Bobbi_sue ( member #10347) posted at 9:32 AM on Thursday, January 2nd, 2014
I think too often on this forum, advice is "one size fits all."
I don't have advice for you. I don't advocate dishonesty but it sounds like your wife is, in fact very "in tune" with you. I have read plenty (though perhaps in the minority overall) of opinions of BS who said they would rather have never found out, in cases where the A had ended if the WS had not confessed, they most likely would never would have known.
I, personally, believe I would rather know in such a case, but I think you should continue to take the cue from your wife. If she is sending you clues she does not want to know (or be forced to discuss, acknowledge, etc.) then you should probably go with that, and continue the same loving devotion of the past 8 (faithful) years without bringing it up. But of course if she brings it up, and asks the past, don't lie.
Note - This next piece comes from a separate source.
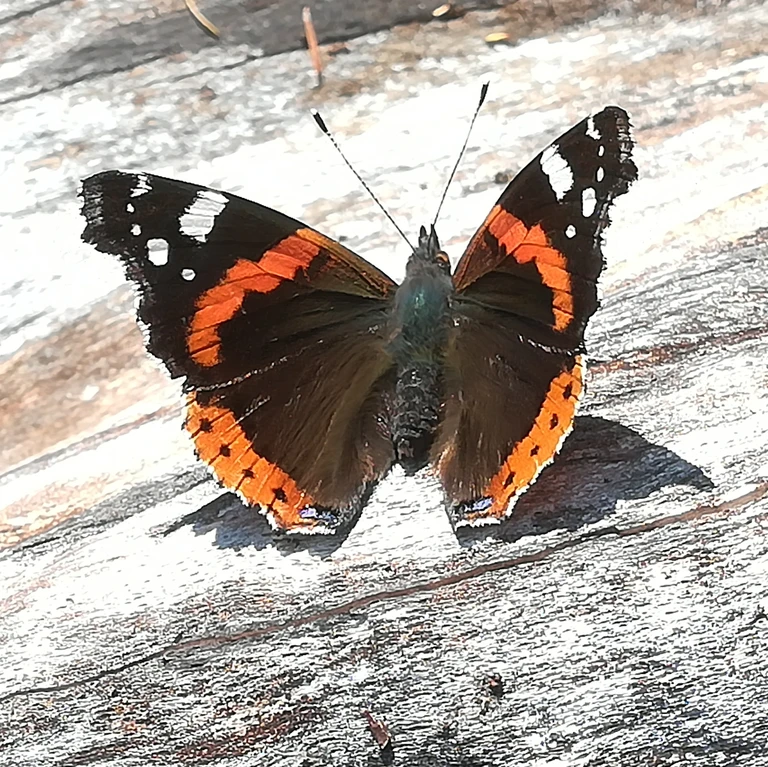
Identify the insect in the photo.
Vanessa atalanta

Heartbroken2013 ( member #39722) posted at 10:32 AM on Thursday, January 2nd, 2014
I am ging to have to disagree with the others on here and im sorry if this causes offence to those others who have by no means given you their honest opinion and good advice.
but for me ...
I wouldn't tell!
This happened over 8 years ago! You have since had 2 children, and are pregnant yourself. You have proved you have changed, what would be the point in raking all this up and having your wife hurt to the point where she will never look at you in the same light again.
I can honestly put my hand on my heart and say ...
I wish I didn't know that my husband had an EA!
I got some truth Nov 2012 but the devastating news came 11 mths later in Oct and I truly wish I hadn't known. I wish he hadn't told me, or that if he had told me in the beginning.
Nearly a year later was too much for me and every day I hurt.
Please don't hurt your wife anymore. Live with the guilt for the rest of your life - its only fair that you do. But don't hurt your wife any further, she doesn't need to know ... its passed, its finished, don't rake it up!
Me & Hubby = aged 48
Together 16 years
Married 10 years
He had 1 yr EA in chat room then 6mths EA phone/texting with same woman.
Cyber sexed with many OW in chat room for at least 1 year.
notquiteoverit ( member #32919) posted at 5:58 PM on Thursday, January 2nd, 2014
No stop sign here, so I will put in my two cents.
First, a question. Do you love your BS? If so, you have to confess. Your BS has a right to know the truth about the marriage. Your BS also has the right to decide if your two affairs are deal breakers.
Until you confess, you are keeping secrets from your BS. Is this a good basis for a relationship, or is this living a lie? What happens if your BS finds out about your affairs another way?
You are not saving anyone any pain by not confessing. Do the right thing for your BS and confess. If there are questions, answer them truthfully. Trickle truth is almost as bad as not confessing.
Me - BS 50
Him - WS 49
SOW - 52 destitute loser
D-day 1/28/11
rachelc ( member #30314) posted at 6:49 PM on Thursday, January 2nd, 2014
in addition to what everyone else has said, do you really want to have to "trick" someone into staying married to you?